→ **Assignment**: Would you please print the data a second time, exactly as it stands?

→ **The input**:
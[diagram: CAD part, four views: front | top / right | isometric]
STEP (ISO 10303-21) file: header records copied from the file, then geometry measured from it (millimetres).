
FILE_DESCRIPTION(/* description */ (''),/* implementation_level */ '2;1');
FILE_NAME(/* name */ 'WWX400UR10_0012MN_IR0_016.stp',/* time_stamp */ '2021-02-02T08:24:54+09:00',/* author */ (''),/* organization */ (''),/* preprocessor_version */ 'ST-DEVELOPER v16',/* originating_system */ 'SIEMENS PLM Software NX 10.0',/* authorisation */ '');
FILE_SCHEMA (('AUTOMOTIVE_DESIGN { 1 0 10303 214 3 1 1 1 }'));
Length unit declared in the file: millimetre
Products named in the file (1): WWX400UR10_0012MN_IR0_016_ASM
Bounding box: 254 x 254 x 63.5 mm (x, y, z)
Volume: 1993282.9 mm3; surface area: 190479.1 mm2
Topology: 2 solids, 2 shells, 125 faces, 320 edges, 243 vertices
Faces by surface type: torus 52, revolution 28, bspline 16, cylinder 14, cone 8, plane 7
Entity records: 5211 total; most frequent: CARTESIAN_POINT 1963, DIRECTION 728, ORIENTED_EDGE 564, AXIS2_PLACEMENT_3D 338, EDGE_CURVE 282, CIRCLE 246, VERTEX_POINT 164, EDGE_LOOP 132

→ **Exercise output**:
[diagram: CAD part, four views: front | top / right | isometric]
STEP (ISO 10303-21) file: header records copied from the file, then geometry measured from it (millimetres).
FILE_DESCRIPTION(/* description */ (''),/* implementation_level */ '2;1');
FILE_NAME(/* name */ 'WWX400UR10_0012MN_IR0_016.stp',/* time_stamp */ '2021-02-02T08:24:54+09:00',/* author */ (''),/* organization */ (''),/* preprocessor_version */ 'ST-DEVELOPER v16',/* originating_system */ 'SIEMENS PLM Software NX 10.0',/* authorisation */ '');
FILE_SCHEMA (('AUTOMOTIVE_DESIGN { 1 0 10303 214 3 1 1 1 }'));
Length unit declared in the file: millimetre
Products named in the file (1): WWX400UR10_0012MN_IR0_016_ASM
Bounding box: 254 x 254 x 63.5 mm (x, y, z)
Volume: 1993282.9 mm3; surface area: 190479.1 mm2
Topology: 2 solids, 2 shells, 125 faces, 320 edges, 243 vertices
Faces by surface type: torus 52, revolution 28, bspline 16, cylinder 14, cone 8, plane 7
Entity records: 5211 total; most frequent: CARTESIAN_POINT 1963, DIRECTION 728, ORIENTED_EDGE 564, AXIS2_PLACEMENT_3D 338, EDGE_CURVE 282, CIRCLE 246, VERTEX_POINT 164, EDGE_LOOP 132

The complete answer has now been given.